#### [Goal of the exercise]
Reproduce every line below exactly as written; do not include the images.

START Data excerpts

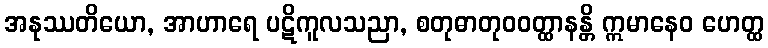
အနုဿတိယော, အာဟာရေ ပဋိကူလသညာ, စတုဓာတုဝဝတ္ထာနန္တိ ဣမာနေဝ ဟေတ္ထ
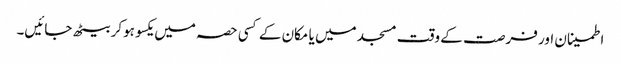
اطمینان اور فرصت کے وقت مسجد میں یا مکان کے کسی حصہ میں یکسو ہوکر بیٹھ جائیں۔
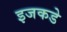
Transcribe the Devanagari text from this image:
इजकडे
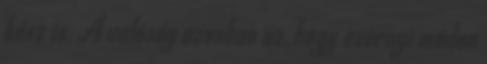
kész is. A valóság azonban az, hogy ezernyi módon
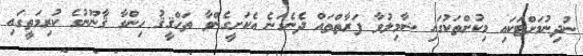
ނުދިނުމަށްޓަކައި މިކުށްތަކުގައި ޝާމިލުވާ ފަރާތްތައް ދެނެގަނެ އެކަށީގެންވާ ތަހްޤީޤު ހިންގާ ޤާނޫނުގެ ކުރިމަތީގައި
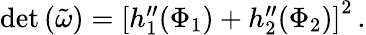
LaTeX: \begin{array}{r}{\mathrm{det}\left(\tilde{\omega}\right)=\left[h_{1}^{\prime\prime}(\Phi_{1})+h_{2}^{\prime\prime}(\Phi_{2})\right]^{2}\, .}\end{array}
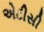
એટીસી
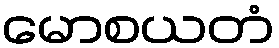
မောစယတံ
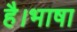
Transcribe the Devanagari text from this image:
है।भाषा
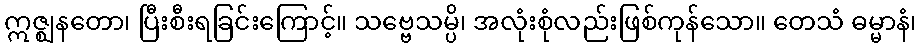
ဣဇ္ဈနတော၊ ပြီးစီးရခြင်းကြောင့်။ သဗ္ဗေသမ္ပိ၊ အလုံးစုံလည်းဖြစ်ကုန်သော။ တေသံ ဓမ္မာနံ၊
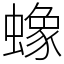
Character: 蟓
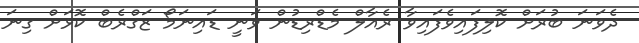
ދެވަނަ ބުރަށް ކޮލިފައިވެފައިވާ ރެއާލް މެޑްރިޑުން ވަނީ ޑައިނަމޯ ޒަގްރެބް ކޮޅަށް ގިނަ
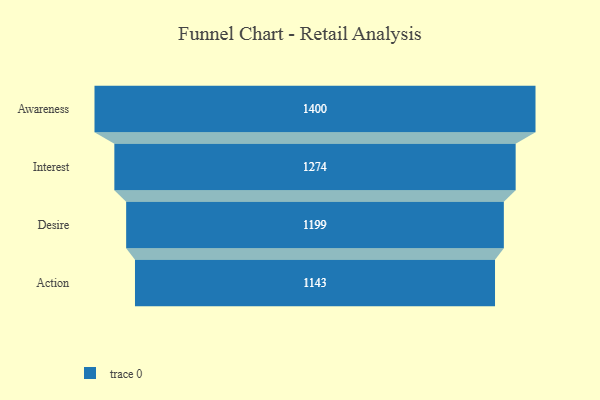
{"axis": {"x": "Stage", "y": "Value"}, "legend": [""], "data": [{"x": "Awareness", "y": 1400.0, "type": ""}, {"x": "Interest", "y": 1274.0, "type": ""}, {"x": "Desire", "y": 1199.0, "type": ""}, {"x": "Action", "y": 1143.0, "type": ""}]}

END Data excerpts

#### [Your solution]
အနုဿတိယော, အာဟာရေ ပဋိကူလသညာ, စတုဓာတုဝဝတ္ထာနန္တိ ဣမာနေဝ ဟေတ္ထ
اطمینان اور فرصت کے وقت مسجد میں یا مکان کے کسی حصہ میں یکسو ہوکر بیٹھ جائیں۔
Transcribe the Devanagari text from this image:
इजकडे
kész is. A valóság azonban az, hogy ezernyi módon
ނުދިނުމަށްޓަކައި މިކުށްތަކުގައި ޝާމިލުވާ ފަރާތްތައް ދެނެގަނެ އެކަށީގެންވާ ތަހްޤީޤު ހިންގާ ޤާނޫނުގެ ކުރިމަތީގައި
LaTeX: \begin{array}{r}{\mathrm{det}\left(\tilde{\omega}\right)=\left[h_{1}^{\prime\prime}(\Phi_{1})+h_{2}^{\prime\prime}(\Phi_{2})\right]^{2}\, .}\end{array}
એટીસી
မောစယတံ
Transcribe the Devanagari text from this image:
है।भाषा
ဣဇ္ဈနတော၊ ပြီးစီးရခြင်းကြောင့်။ သဗ္ဗေသမ္ပိ၊ အလုံးစုံလည်းဖြစ်ကုန်သော။ တေသံ ဓမ္မာနံ၊
Character: 蟓
ދެވަނަ ބުރަށް ކޮލިފައިވެފައިވާ ރެއާލް މެޑްރިޑުން ވަނީ ޑައިނަމޯ ޒަގްރެބް ކޮޅަށް ގިނަ
{"axis": {"x": "Stage", "y": "Value"}, "legend": [""], "data": [{"x": "Awareness", "y": 1400.0, "type": ""}, {"x": "Interest", "y": 1274.0, "type": ""}, {"x": "Desire", "y": 1199.0, "type": ""}, {"x": "Action", "y": 1143.0, "type": ""}]}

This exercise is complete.